Today I have the honor of having Dr. Robert Spetzler with me. [Dr. Spetzler is the Director of Barrow Neurological Institute at St. Joseph’s and is one of the world’s most renowned neurosurgeons.] He has built a unique program here at the Barrow and I hope to get some idea on why he was able to do this.
You came here in 1983 and became the director in 1986. At that time you were already a fairly well known neurosurgeon. Why did you pick the Barrow to build your career around?
It was serendipity. I was very young and interviewing at an academic medical center in New York to build a program and was negotiating with the dean when the director of the BNI, John Green, asked me to come here and take a look. When I told my wife I wanted to [do that], she said, “if you’re going there you’re going by yourself” because she remembered going through Phoenix in the middle of July in an un-air-conditioned car when she was ten. But John Green and the people that we met were absolutely delightful, and I saw an opportunity. The Barrow at that time was a very small institute but it had all the support from the Catholic Healthcare System, from the nuns and the medical staff and the neurosurgeons that were here, to really build something that I wanted to be a part of.
This is really a unique institute. It has the largest residency in neurosurgery now.

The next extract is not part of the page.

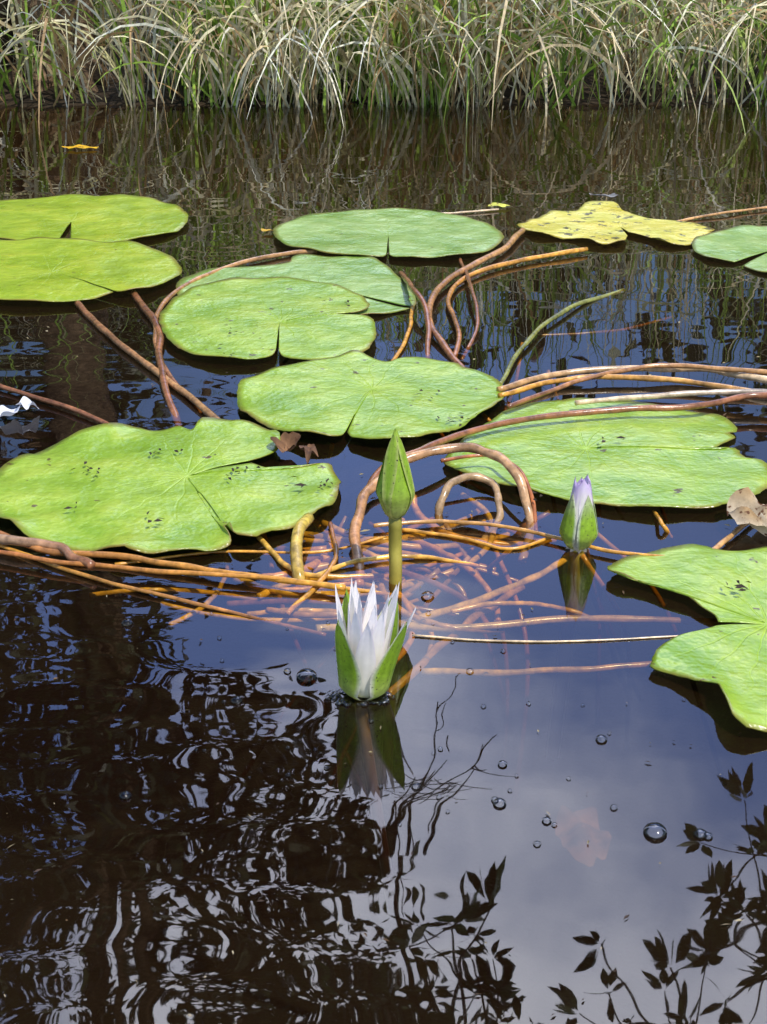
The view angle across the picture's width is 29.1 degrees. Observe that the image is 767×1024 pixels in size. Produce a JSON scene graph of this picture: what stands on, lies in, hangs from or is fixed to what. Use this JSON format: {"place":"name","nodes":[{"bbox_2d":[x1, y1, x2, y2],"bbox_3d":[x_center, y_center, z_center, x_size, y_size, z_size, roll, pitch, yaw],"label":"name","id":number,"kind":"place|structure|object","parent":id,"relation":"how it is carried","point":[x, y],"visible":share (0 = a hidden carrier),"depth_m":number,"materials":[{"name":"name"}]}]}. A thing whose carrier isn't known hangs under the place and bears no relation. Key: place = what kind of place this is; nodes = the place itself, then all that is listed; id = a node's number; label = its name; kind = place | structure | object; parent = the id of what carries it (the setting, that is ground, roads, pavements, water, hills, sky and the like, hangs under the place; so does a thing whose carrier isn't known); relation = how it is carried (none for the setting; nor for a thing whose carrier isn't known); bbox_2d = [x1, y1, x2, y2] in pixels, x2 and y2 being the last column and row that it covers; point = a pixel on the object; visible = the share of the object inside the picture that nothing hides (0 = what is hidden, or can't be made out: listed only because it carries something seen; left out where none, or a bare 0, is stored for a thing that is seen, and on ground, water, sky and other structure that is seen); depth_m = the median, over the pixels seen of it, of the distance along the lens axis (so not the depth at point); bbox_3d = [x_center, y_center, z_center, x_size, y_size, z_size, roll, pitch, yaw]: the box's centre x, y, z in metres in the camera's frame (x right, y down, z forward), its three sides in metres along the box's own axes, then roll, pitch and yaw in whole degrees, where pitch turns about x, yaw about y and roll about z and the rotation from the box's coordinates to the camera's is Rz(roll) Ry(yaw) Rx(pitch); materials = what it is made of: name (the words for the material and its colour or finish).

I think 50 % of academic departments have one of your graduates on its staff. What do you think accounted for the rise of the institute? Was it timing, the technology developments, the people that you came with, or something else?
There’s no doubt in my mind that a program really depends on the people. My first goal when I came here was to put all my effort and all my energy into the residency program. I wanted to make it the residency program that every top-notch medical student that was interested in neurosurgery wanted to apply to. And I was fortunate enough to find Dr. [Volker] Sonntag, who was in private practice in Phoenix and whom I had heard about from one of my academic friends—Dr. Ben Stein, who had trained him, said he was a “diamond in the rough.” He shared that mission and was very instrumental in building up the residency program. So today, although we have the largest program, I am much more proud of the quality of the applicants. And they in turn—because they’re so much smarter than the attendings—make sure that we are at the cutting edge. So my goal has always been to hire neurosurgeons, or any one of the other neuroscience specialties, someone who was on the cutting edge and would develop his or her area of expertise. So whenever nationally there was a meeting and someone wanted to put a committee together of the leading individuals in that specific area, one of the BNI faculty would be one of them.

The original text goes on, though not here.